Conveyancing in England a month slower than Scotland

The conveyancing process in England takes more than a month longer on average than in Scotland, according to research by Rightmove.

The website found that the average length of time between an offer being accepted on a property — when a home is considered to be “sold subject to contract” — and the sale completing was on average 109 days across Britain during 2018.

This marks an increase of 20 days from 2011 when the process took on average 89 days.

However, there were stark differences between countries, with conveyancing in England taking an average of 112 days, while in Scotland the process takes just 77 days.

This means Scottish buyers get the keys to their new home 35 days sooner than their English counterparts.

In Wales the time between offer acceptance and completion was on average 106 days.

London buyers and sellers face a particularly lengthy process at an average of 118 days.

Buying a flat takes longer than a house due to the extra complexities involved in leasehold agreements, especially now that such contracts have come under increased scrutiny.

In England and Wales it typically takes 123 days between offer and completion on the sale of a flat, compared to 110 days for a house.

Meanwhile, the time it takes to find a buyer — measured from the date a property is listed for sale to the date an offer is accepted — has fallen across Britain from an average of 74 to 51 days between 2011 and 2018.

In Scotland it took 41 days to find a buyer in 2018, while in England it took 52 days and in Wales 54.

For Londoners, the time it takes to find a buyer has been creeping upwards more recently, from just 39 days in 2016 to 60 days last year.

Rightmove housing market analyst Miles Shipside says: “The pace of the market has been slowing since then, and whilst it would be easy to link that with the Brexit vote in the same year, there are other factors at play especially increasingly stretched buyer affordability. 

“Scotland now replaces London as the fastest area of Great Britain to find a buyer and London has gone from being the fastest place up until 2015 to the slowest place in 2018, as the market in the capital slowed over the past few years.”

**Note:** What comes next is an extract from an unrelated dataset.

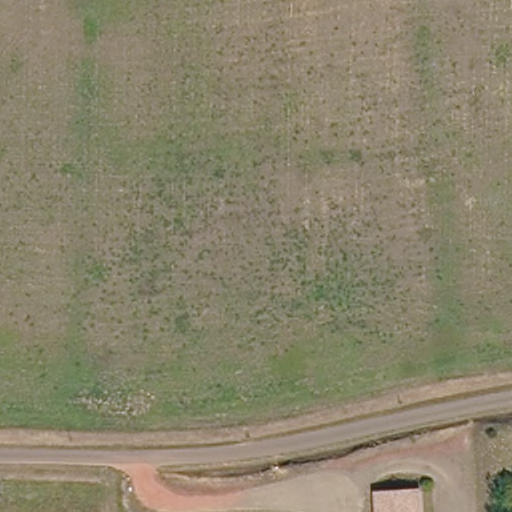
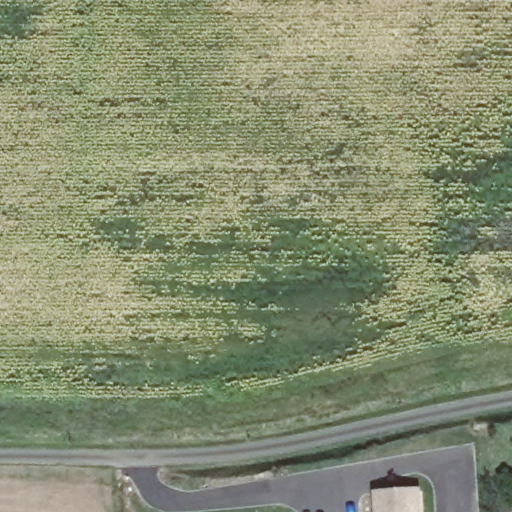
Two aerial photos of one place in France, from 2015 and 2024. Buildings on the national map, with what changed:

Shipside says that one reason for the slowdown in the timeframe between offer acceptance and completion is that resources were cut in the credit crunch years and there has not been enough investment since to cope with higher volumes of sales.

He adds: “The majority of houses are freehold which have a simpler and quicker legal process, whereas the majority of flats are leasehold and have more legal work for both buyers and sellers. 

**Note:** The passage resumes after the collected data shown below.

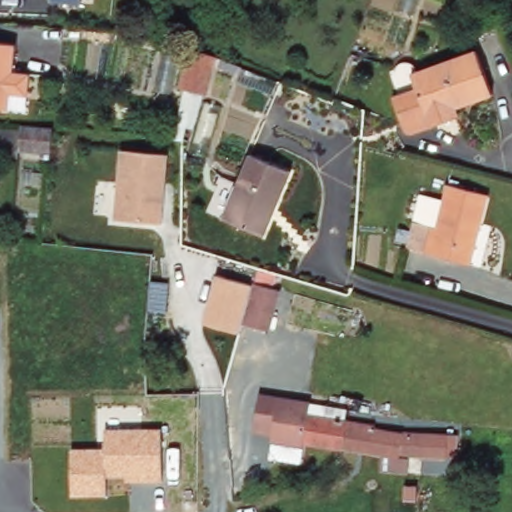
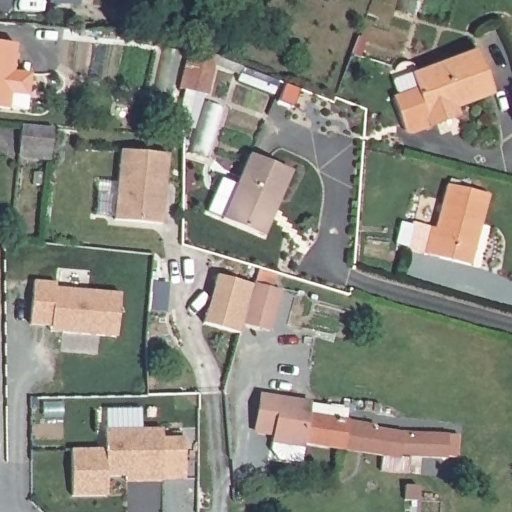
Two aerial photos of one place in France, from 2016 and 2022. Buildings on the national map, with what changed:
unchanged [(13,85),(10,103),(10,109),(0,109),(0,42),(15,43),(13,85)]
unchanged [(182,86),(188,46),(217,52),(209,90),(182,86)]
unchanged [(408,129),(407,127),(406,125),(396,93),(418,85),(414,72),(479,49),(495,91),(457,104),(455,101),(448,104),(453,116),(416,129),(411,130),(408,129)]
unchanged [(24,126),(49,128),(46,152),(15,150),(16,125),(24,126)]
unchanged [(154,138),(156,126),(180,128),(178,137),(178,139),(154,138)]
unchanged [(118,209),(123,169),(125,150),(173,156),(170,173),(165,213),(164,225),(116,219),(118,209)]
unchanged [(259,232),(221,215),(250,151),(293,169),(277,207),(264,235),(259,232)]
unchanged [(432,225),(433,219),(437,220),(448,183),(489,195),(470,265),(408,248),(415,221),(432,225)]
unchanged [(269,328),(243,323),(239,330),(200,320),(216,274),(284,290),(269,328)]
new [(114,336),(50,330),(51,325),(29,322),(34,279),(55,281),(55,285),(119,291),(114,336)]
unchanged [(398,454),(345,447),(274,441),(274,433),(256,430),(262,392),(314,401),(352,409),(353,421),(412,431),(464,435),(459,458),(398,454)]
unchanged [(69,451),(104,449),(104,431),(162,428),(163,481),(126,482),(125,475),(107,476),(108,495),(71,496),(69,451)]
new [(183,437),(184,478),(163,477),(162,437),(183,437)]
unchanged [(404,499),(404,491),(418,491),(417,500),(404,499)]

“A Leasehold Management Pack has to be prepared and it takes time to compile historical management accounts, ground rent and service charge accounts and receipts of payments made, plus general information about the property. 

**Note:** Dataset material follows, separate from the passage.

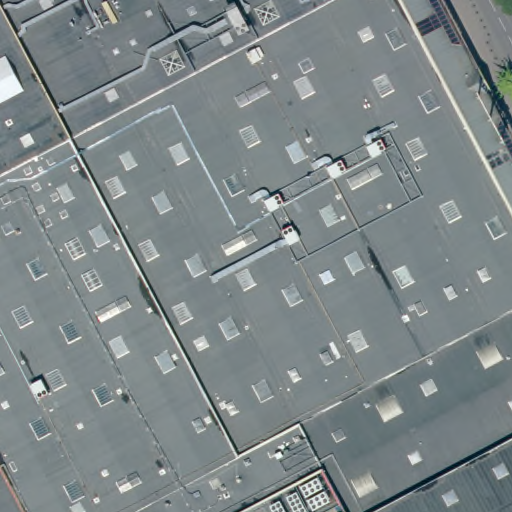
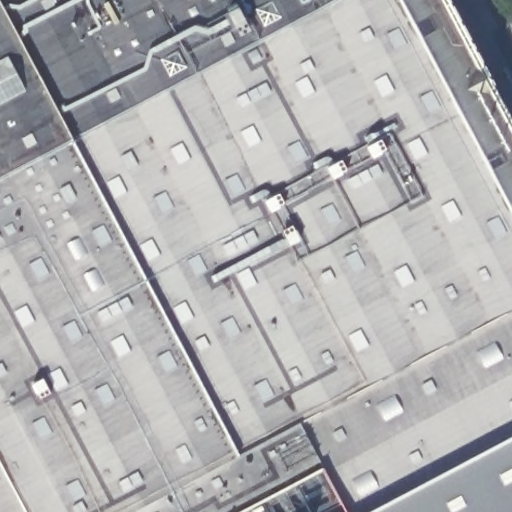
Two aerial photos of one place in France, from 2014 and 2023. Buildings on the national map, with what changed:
unchanged [(512,114),(512,512),(353,512),(346,496),(327,462),(231,512),(0,512),(0,0),(452,0),(512,114)]
unchanged [(346,496),(315,512),(231,512),(327,462),(346,496)]

“Statistics show that once a buyer has been found it takes on average two to three weeks longer to carry out the legal process on a leasehold property than a freehold one. 

“This, along with the fact that there is now increased stringency for those needing a mortgage which takes longer to process, means that conveyancing on flats is taking longer than before. 

“That means those buyers who have an offer accepted on a flat this month may not complete until the end of the year, especially if they’ll be getting a mortgage.”